In a publication some years ago (alluding to a comparison with the struggle for racial equality), I described this picture as ‘institutional audism’. These things don’t happen because individual non-signing hearing people want Deaf people to suffer. They happen because the social world we inhabit is designed to suit hearing people.

So how could things be changed? Today, the British Deaf Association launches a report www.bda.org.uk pressing to enhance the legal status of BSL (and, because it’s used in parts of the UK, Irish Sign Language). Drawing on extensive research, and sources including the range of international Deaf and hearing students on Heriot-Watt University’s programmes (eg www.eumasli.eu),  I’ve been a member of the task group assembling this discussion document over several months.

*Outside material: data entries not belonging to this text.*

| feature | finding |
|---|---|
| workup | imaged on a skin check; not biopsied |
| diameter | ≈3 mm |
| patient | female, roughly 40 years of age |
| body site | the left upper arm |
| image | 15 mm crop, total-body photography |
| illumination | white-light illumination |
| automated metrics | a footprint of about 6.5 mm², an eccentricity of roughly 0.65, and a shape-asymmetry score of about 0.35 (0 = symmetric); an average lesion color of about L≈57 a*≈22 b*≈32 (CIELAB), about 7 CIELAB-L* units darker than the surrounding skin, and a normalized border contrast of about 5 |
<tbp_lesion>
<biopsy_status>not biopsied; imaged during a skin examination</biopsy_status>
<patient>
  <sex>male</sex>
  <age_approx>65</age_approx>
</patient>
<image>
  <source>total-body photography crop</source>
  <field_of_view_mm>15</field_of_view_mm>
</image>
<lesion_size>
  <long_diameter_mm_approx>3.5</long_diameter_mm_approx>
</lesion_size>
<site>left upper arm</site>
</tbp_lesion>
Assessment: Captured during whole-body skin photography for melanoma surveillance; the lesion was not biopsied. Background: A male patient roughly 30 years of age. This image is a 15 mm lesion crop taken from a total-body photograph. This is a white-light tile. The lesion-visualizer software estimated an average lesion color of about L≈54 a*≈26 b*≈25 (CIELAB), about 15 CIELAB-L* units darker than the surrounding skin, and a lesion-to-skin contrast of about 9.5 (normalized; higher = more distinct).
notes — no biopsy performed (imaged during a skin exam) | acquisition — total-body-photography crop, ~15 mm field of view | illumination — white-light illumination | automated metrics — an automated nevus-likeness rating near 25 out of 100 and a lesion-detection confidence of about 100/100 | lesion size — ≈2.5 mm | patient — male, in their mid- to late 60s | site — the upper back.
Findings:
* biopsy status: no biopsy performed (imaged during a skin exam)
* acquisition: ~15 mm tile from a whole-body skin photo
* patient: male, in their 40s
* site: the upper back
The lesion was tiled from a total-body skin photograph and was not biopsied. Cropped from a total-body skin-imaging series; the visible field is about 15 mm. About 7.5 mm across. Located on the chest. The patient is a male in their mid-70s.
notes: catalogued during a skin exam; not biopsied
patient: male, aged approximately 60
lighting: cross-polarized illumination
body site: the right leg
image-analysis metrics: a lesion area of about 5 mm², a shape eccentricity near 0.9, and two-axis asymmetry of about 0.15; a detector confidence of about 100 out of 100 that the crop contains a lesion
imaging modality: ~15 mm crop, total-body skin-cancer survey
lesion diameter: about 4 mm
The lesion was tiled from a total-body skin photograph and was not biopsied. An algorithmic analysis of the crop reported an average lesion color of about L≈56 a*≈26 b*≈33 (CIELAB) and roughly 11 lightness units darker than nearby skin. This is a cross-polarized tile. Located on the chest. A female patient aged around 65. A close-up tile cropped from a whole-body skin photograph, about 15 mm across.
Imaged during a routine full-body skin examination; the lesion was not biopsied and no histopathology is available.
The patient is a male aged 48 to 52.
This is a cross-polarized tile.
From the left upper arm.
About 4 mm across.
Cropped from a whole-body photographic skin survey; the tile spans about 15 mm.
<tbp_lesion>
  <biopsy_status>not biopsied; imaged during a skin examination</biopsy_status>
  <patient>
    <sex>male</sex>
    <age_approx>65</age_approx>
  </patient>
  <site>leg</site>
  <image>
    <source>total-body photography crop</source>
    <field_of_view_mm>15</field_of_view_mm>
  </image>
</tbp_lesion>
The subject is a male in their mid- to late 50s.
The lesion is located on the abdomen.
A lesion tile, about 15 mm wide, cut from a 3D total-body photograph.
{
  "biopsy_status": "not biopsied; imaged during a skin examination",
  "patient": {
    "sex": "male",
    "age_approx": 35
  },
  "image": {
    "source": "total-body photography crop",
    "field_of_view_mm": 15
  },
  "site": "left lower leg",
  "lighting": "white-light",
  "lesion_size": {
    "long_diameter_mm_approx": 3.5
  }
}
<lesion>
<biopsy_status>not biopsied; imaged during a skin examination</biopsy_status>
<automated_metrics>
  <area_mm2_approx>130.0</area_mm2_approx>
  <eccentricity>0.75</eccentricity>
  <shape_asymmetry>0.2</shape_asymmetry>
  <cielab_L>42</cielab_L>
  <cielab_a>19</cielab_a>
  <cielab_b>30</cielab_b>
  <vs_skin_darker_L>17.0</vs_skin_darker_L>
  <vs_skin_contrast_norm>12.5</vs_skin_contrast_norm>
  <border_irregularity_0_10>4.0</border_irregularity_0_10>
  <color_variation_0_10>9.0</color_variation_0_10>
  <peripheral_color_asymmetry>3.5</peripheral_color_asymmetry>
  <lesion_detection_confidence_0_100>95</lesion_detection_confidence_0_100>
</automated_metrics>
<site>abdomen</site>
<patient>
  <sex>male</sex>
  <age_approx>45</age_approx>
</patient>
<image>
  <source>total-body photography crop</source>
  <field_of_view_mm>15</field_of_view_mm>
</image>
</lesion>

What alternatives does it offer?

  • Portugal, Uganda and Venezuela have recognised their signed languages within their constitutions.
  • Pro-sign acts of parliament have been passed in Brazil, Poland and Slovakia.
  • Robust official recognition has reached Estonia, Iceland, Latvia and New Zealand.
  • Austria, Finland and Hungary exemplify best practice by meeting the requirements of the United Nations Convention on the Rights of Persons with Disabilities.

And Westminster’s response? ‘We already have adequate legislation’.

Oh really? If you’ve got it covered, how come people wait for days in hospital before anyone thinks to book an interpreter? How come child after child is struggling to follow their lessons because no decent support staff can be found?

And how come no-one who knows the first thing about the linguistic richness and complexity of BSL gets to talk to parents before they’re expected to offer up their children – when they’re just a few months old – for expensive, invasive cochlear implant surgery (initiating years of speech training and neglect of their prime time to learn to sign)?

Why aren’t you ensuring that those children get to know Deaf adults who will inspire them with the confidence that a Deaf life is a good life?

It’s not as if BSL users have failed to tell you what you’re missing. We want the right to live secure, culturally Deaf lives, and to pass on this heritage to deaf children – even those born into hearing families. We want ‘equal access’ to mean what it says: nothing more, nothing less. And we want you to take seriously your obligations to us as citizens, always.

The National Union of the Deaf told you in the 1970s that your approach amounted to linguistic genocide. The BDA issued a manifesto in the 1980s, articulating the case for BSL as Britain’s fourth indigenous language. The Federation of Deaf People marched in protest through the UK’s major cities at the turn of the millennium. Here we come again. We’re not going quietly.

Why so frightened to learn from those who obviously understand best what it means to be Deaf?